At the instruction level, this is exactly what SIMD et. al. do; Single Instruction Multiple Data allows strips of data to be processed in true parallel at the hardware level as there are no shared dependencies. All we are saying here in this section is that we can take this same thinking to a systems level to identify where we may or may not need to take advantage of immutability for isolation-safe sharing of data, or conversely pay the tax of lock contention for consistency of reads and writes on solitary allocations of shared memory.


The other advantage of designing things in terms of a pipeline, or any system for that matter, is how it allows us to clearly identify where we want to put instrumentation to help guide us after the implementation of the system is complete. This means we can think about how we are going to profile and benchmark our code from the start, and be able to observe, i.e. ask questions of, the system as it continues to run.

Instrumentation is often an afterthought.
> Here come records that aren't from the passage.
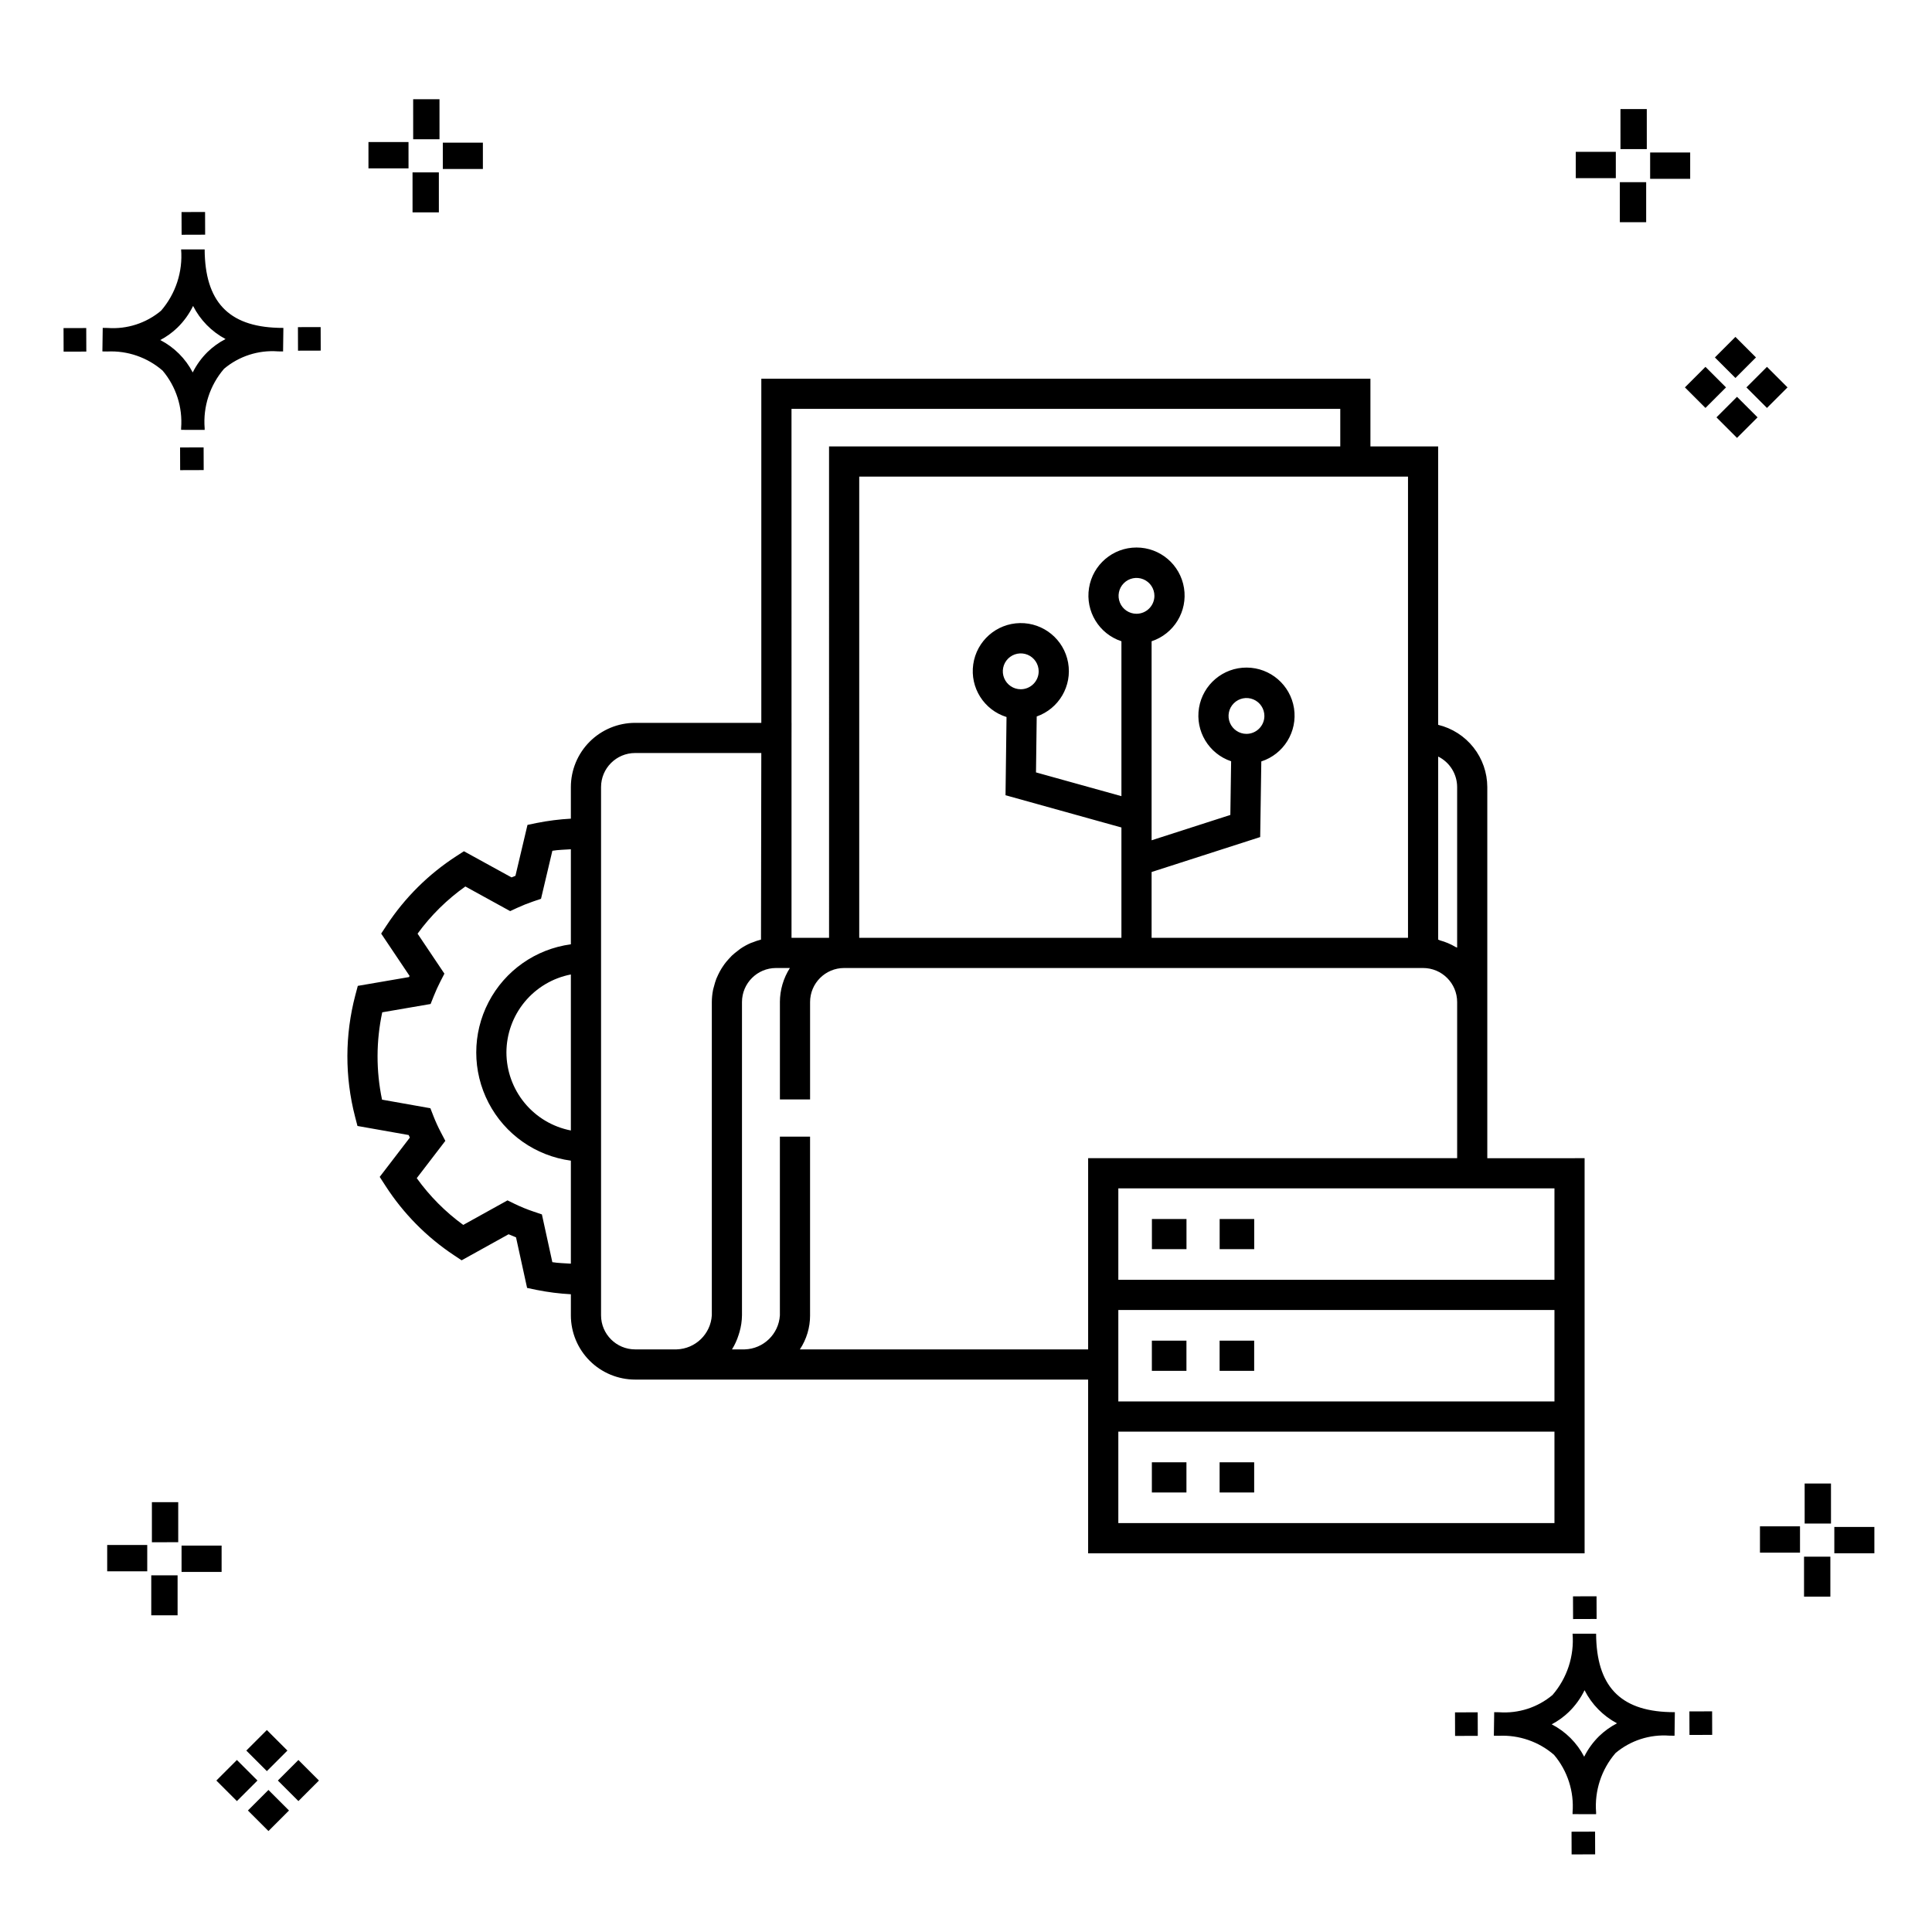 <?xml version="1.0" encoding="UTF-8"?>
<!-- Uploaded to: SVG Find, www.svgrepo.com, Generator: SVG Find Mixer Tools -->
<svg fill="#000000" width="800px" height="800px" version="1.1" viewBox="144 144 512 512" xmlns="http://www.w3.org/2000/svg">
 <g>
  <path d="m197.96 262.56 0.02 6.016-6.238 0.02-0.02-6.016zm19.738-31.68c0.434 0.023 0.93 0.008 1.402 0.02l-0.082 6.238c-0.449 0.008-0.93-0.004-1.387-0.02v-0.004c-5.172-0.379-10.285 1.277-14.254 4.617-3.746 4.352-5.598 10.023-5.141 15.75v0.449l-6.238-0.016v-0.445c0.434-5.535-1.328-11.02-4.914-15.262-4.047-3.504-9.285-5.316-14.633-5.055h-0.004c-0.434 0-0.867-0.008-1.312-0.02l0.09-6.238c0.441 0 0.879 0.008 1.309 0.02h-0.004c5.129 0.375 10.203-1.266 14.148-4.566 3.879-4.484 5.797-10.34 5.32-16.254l6.238 0.008c0.074 13.766 6.266 20.395 19.461 20.777zm-13.922 2.969h-0.004c-3.703-1.969-6.707-5.031-8.602-8.773-1.043 2.148-2.453 4.098-4.164 5.762-1.352 1.301-2.879 2.406-4.539 3.277 3.691 1.902 6.699 4.902 8.609 8.586 1.004-2.019 2.336-3.856 3.945-5.438 1.41-1.363 3.008-2.516 4.75-3.414zm-42.938-2.898 0.02 6.238 6.016-0.016-0.02-6.238zm68.137-0.273-6.019 0.016 0.02 6.238 6.019-0.016zm-30.609-24.484-0.02-6.016-6.238 0.02 0.02 6.016zm405.96 42.965 5.445 5.445-5.445 5.445-5.445-5.445zm7.941-7.941 5.445 5.445-5.445 5.445-5.445-5.445zm-16.301 0 5.445 5.445-5.445 5.445-5.445-5.445zm7.941-7.941 5.445 5.445-5.441 5.449-5.445-5.445zm-11.992-41.891h-10.613v-6.977h10.613zm-19.707-0.168h-10.613v-6.977h10.613zm8.043 11.668h-6.977v-10.602h6.977zm0.168-19.375h-6.977l-0.004-10.613h6.977zm-308.45 5.273h-10.617v-6.977h10.617zm-19.707-0.168h-10.617v-6.977h10.613zm8.043 11.664h-6.977l-0.004-10.598h6.977zm0.168-19.375h-6.977l-0.004-10.613h6.977zm300 448.52 0.02 6.016 6.238-0.02-0.02-6.016zm25.977-31.699c0.438 0.023 0.93 0.008 1.402 0.02l-0.082 6.238c-0.449 0.008-0.93-0.004-1.387-0.02-5.172-0.379-10.289 1.277-14.254 4.617-3.75 4.352-5.602 10.023-5.144 15.75v0.449l-6.238-0.016v-0.445c0.438-5.539-1.328-11.023-4.91-15.266-4.047-3.504-9.289-5.312-14.633-5.051h-0.004c-0.434 0-0.867-0.008-1.312-0.02l0.09-6.238c0.441 0 0.879 0.008 1.309 0.02h-0.004c5.129 0.371 10.203-1.266 14.145-4.566 3.879-4.484 5.797-10.34 5.32-16.254l6.238 0.008c0.074 13.762 6.266 20.395 19.461 20.773zm-13.922 2.969-0.004 0.004c-3.703-1.969-6.707-5.031-8.602-8.773-1.043 2.148-2.453 4.098-4.168 5.762-1.352 1.301-2.879 2.406-4.539 3.277 3.691 1.902 6.699 4.898 8.609 8.586 1.004-2.019 2.34-3.859 3.945-5.438 1.41-1.363 3.012-2.516 4.754-3.414zm-42.938-2.898 0.02 6.238 6.016-0.016-0.02-6.238zm68.137-0.273-6.019 0.016 0.02 6.238 6.019-0.016zm-30.609-24.48-0.02-6.016-6.238 0.02 0.02 6.016zm73.609-17.414-10.613 0.004v-6.977h10.613zm-19.707-0.164h-10.613v-6.977h10.613zm8.043 11.664h-6.977v-10.598h6.977zm0.168-19.375h-6.977l-0.004-10.613h6.977zm-414.09 70.602 5.445 5.445-5.445 5.445-5.445-5.445zm7.941-7.941 5.445 5.445-5.445 5.445-5.445-5.445zm-16.301 0 5.445 5.445-5.445 5.445-5.445-5.445zm7.941-7.941 5.445 5.445-5.445 5.445-5.445-5.445zm-11.996-41.895h-10.613v-6.973h10.613zm-19.707-0.164h-10.613v-6.977h10.613zm8.043 11.664h-6.977v-10.598h6.977zm0.168-19.375-6.977 0.004v-10.617h6.977z"/>
  <path d="m458.42 539.52h-9.164v-7.996h9.164zm17.949-7.996h-9.16v7.996h9.16zm-17.949-32.238h-9.164v7.996h9.164zm17.949 0h-9.16v7.996h9.16zm87.566-48.352v104.71h-131.57v-46.039h-120.06c-4.512-0.004-8.84-1.801-12.031-4.988-3.191-3.191-4.984-7.519-4.988-12.031v-5.594c-3.047-0.164-6.078-0.547-9.07-1.148l-2.531-0.531-2.934-13.406c-0.664-0.258-1.32-0.527-1.973-0.812l-12.441 6.902-2.027-1.348 0.004 0.004c-7.258-4.812-13.438-11.078-18.156-18.395l-1.531-2.367 7.984-10.414c-0.105-0.227-0.207-0.453-0.309-0.68l-13.57-2.402-0.645-2.488c-2.727-10.551-2.699-21.621 0.074-32.156l0.66-2.484 13.578-2.332 0.141-0.309-7.523-11.211 1.465-2.223v0.004c4.812-7.316 11.098-13.547 18.453-18.305l2.008-1.301 12.613 6.93c0.344-0.145 0.695-0.285 1.043-0.422l3.191-13.488 2.488-0.52-0.004 0.004c2.973-0.594 5.984-0.973 9.012-1.137v-8.371c0.004-4.512 1.797-8.84 4.988-12.031 3.191-3.191 7.519-4.984 12.031-4.988h33.453v-91.203h161.42v17.945h17.949v73.781c3.703 0.895 7 3.004 9.363 5.996 2.363 2.992 3.652 6.691 3.66 10.5v98.352zm-268.65 27.945v-27.293c-9.336-1.254-17.477-6.977-21.816-15.336-4.344-8.359-4.344-18.309 0-26.664 4.34-8.359 12.48-14.082 21.816-15.336v-25.184c-1.637 0.117-3.289 0.133-4.902 0.395l-3.008 12.727-2.094 0.715c-1.445 0.492-2.863 1.059-4.246 1.699l-1.836 0.852-11.875-6.527c-4.871 3.453-9.148 7.676-12.664 12.504l7.113 10.598-1.078 2.098c-0.641 1.25-1.223 2.535-1.75 3.856l-0.828 2.086-12.82 2.203 0.004-0.004c-1.637 7.629-1.656 15.516-0.055 23.152l12.809 2.273 0.816 2.086h-0.004c0.578 1.469 1.234 2.902 1.965 4.297l1.188 2.266-7.574 9.879c3.418 4.762 7.578 8.945 12.32 12.395l11.727-6.504 1.871 0.91h-0.004c1.652 0.801 3.359 1.5 5.102 2.082l2.148 0.723 2.769 12.66c1.613 0.262 3.266 0.277 4.906 0.395zm-17.074-55.961-0.004-0.004c0.012 4.894 1.719 9.629 4.832 13.398 3.113 3.773 7.445 6.344 12.246 7.277v-41.344c-4.801 0.93-9.129 3.5-12.246 7.273-3.113 3.769-4.82 8.504-4.832 13.395zm246.92-78.426v48.516c0.168 0.039 0.301 0.152 0.465 0.195v0.004c1.453 0.395 2.848 0.984 4.144 1.75 0.129 0.078 0.293 0.098 0.418 0.176v-42.551c-0.004-3.434-1.949-6.566-5.027-8.09zm-7.996-74.191h-145.43v122.23h69.484v-29.238l-30.715-8.547 0.266-20.727c-5.969-1.859-9.707-7.773-8.82-13.965 0.883-6.188 6.129-10.816 12.379-10.93 6.25-0.109 11.656 4.332 12.762 10.484 1.105 6.152-2.422 12.195-8.32 14.266l-0.191 14.82 22.641 6.297v-41.051c-5.941-1.961-9.582-7.945-8.586-14.125 0.992-6.18 6.324-10.719 12.582-10.719 6.258 0 11.59 4.539 12.586 10.719 0.992 6.18-2.644 12.164-8.586 14.125v52.746l20.867-6.715 0.207-14.227c-5.93-1.996-9.535-8.004-8.508-14.176 1.031-6.176 6.391-10.688 12.648-10.652 6.258 0.035 11.566 4.609 12.527 10.793 0.957 6.188-2.715 12.152-8.668 14.082l-0.297 20.039-28.777 9.262v17.441l67.949-0.004v-122.23zm-67.199 31.605h-0.004c0-1.922-1.156-3.652-2.934-4.387-1.773-0.734-3.816-0.328-5.172 1.031-1.359 1.355-1.766 3.398-1.031 5.172 0.734 1.777 2.469 2.934 4.387 2.934 2.621-0.004 4.746-2.129 4.75-4.75zm29.145 31.828h-0.004c0-1.922-1.156-3.652-2.93-4.387-1.777-0.734-3.816-0.328-5.176 1.031-1.359 1.355-1.766 3.398-1.031 5.172 0.738 1.773 2.469 2.934 4.387 2.934 2.621-0.008 4.746-2.129 4.75-4.75zm-59.816-11.824h-0.004c0-1.922-1.156-3.652-2.93-4.391-1.777-0.734-3.82-0.328-5.18 1.027-1.359 1.359-1.766 3.402-1.031 5.18 0.734 1.773 2.465 2.934 4.387 2.934 2.621-0.004 4.75-2.129 4.754-4.75zm-65.504 13.652h0.008l-0.008 4.481v52.492h9.949l-0.004-130.23h135.48v-9.949h-145.43zm-41.453 166.04h11.004c4.977-0.148 9.02-4.059 9.328-9.023v-83.023c0.008-1.078 0.113-2.148 0.324-3.203 0.066-0.34 0.176-0.66 0.262-0.992 0.168-0.684 0.375-1.359 0.625-2.016 0.145-0.367 0.32-0.719 0.488-1.074 0.273-0.578 0.582-1.141 0.918-1.688 0.215-0.34 0.434-0.672 0.672-0.996 0.375-0.516 0.785-1.008 1.219-1.477 0.262-0.285 0.512-0.57 0.789-0.84 0.512-0.477 1.055-0.926 1.621-1.336 0.254-0.191 0.488-0.402 0.754-0.578 0.852-0.57 1.754-1.059 2.695-1.465 0.121-0.051 0.254-0.078 0.375-0.125 0.746-0.309 1.508-0.562 2.289-0.762l0.082-49.449h-33.445c-4.981 0.008-9.016 4.043-9.023 9.023v140c0.008 4.981 4.043 9.016 9.023 9.023zm120.06 0v-50.672h97.793v-41.375c-0.008-4.984-4.047-9.02-9.027-9.023h-153.43c-4.981 0.004-9.02 4.043-9.023 9.023v25.805h-7.996v-25.805h-0.004c0.012-3.199 0.93-6.328 2.648-9.023h-3.672c-4.981 0.004-9.016 4.043-9.023 9.023v83.023c-0.02 1.484-0.234 2.957-0.645 4.383-0.074 0.273-0.16 0.539-0.25 0.809-0.422 1.348-1.008 2.633-1.75 3.832h3.367c4.973-0.145 9.016-4.059 9.324-9.023v-47.355h7.996v47.352l0.004 0.004c0.008 3.207-0.934 6.348-2.703 9.023zm123.58 21.797h-115.58v24.238h115.58zm0-32.234h-115.58v24.238l115.58-0.004zm0-7.996v-24.242h-115.58v24.242zm-106.68-8.125h9.164v-7.996h-9.164zm17.953 0h9.16v-7.996h-9.16z"/>
 </g>
</svg>

If we include it as part of implementation stage, then it may be unclear if what we are instrumenting is worthwhile, although we may be unduly smug in the sense that we are collecting some kind of metrics. If we, instead, focus on instrumentation as a thought bubble with respect to the design of the system, we can better see where, and therefore what, instrumentation should be plugged in.


Learning about patterns of systems has been wildly more effective a way to view performance tuning heuristics and principles, as well as understanding “algorithms and data structures” through the lens that they are patterns themselves, is wildly more effective than learning specific implementations as it allows you to do what we just did where we can see how specific principles apply to the design in question.

Pipelines are such a common trope, whether it’s the stages of a compiler, a graphics rendering engine, or a query interface for a database, that knowing why they are amenable for solid performance design, and not just optimisation after-the-fact, is worth revisiting over and over again. In my mind, these foundations form the basis of lots of other performance discussions and changes. Knowing why you want to do something allows you to work with intent, and working with intent in relation to performance means you aren’t taking wild stabs in the dark at what may or may not work. It isn’t to say all these principles can blindly lead to results, but having a mental model for a system of how your code is designed will allow you to think about performance for the model rather than getting bogged down initially with the specifics of code.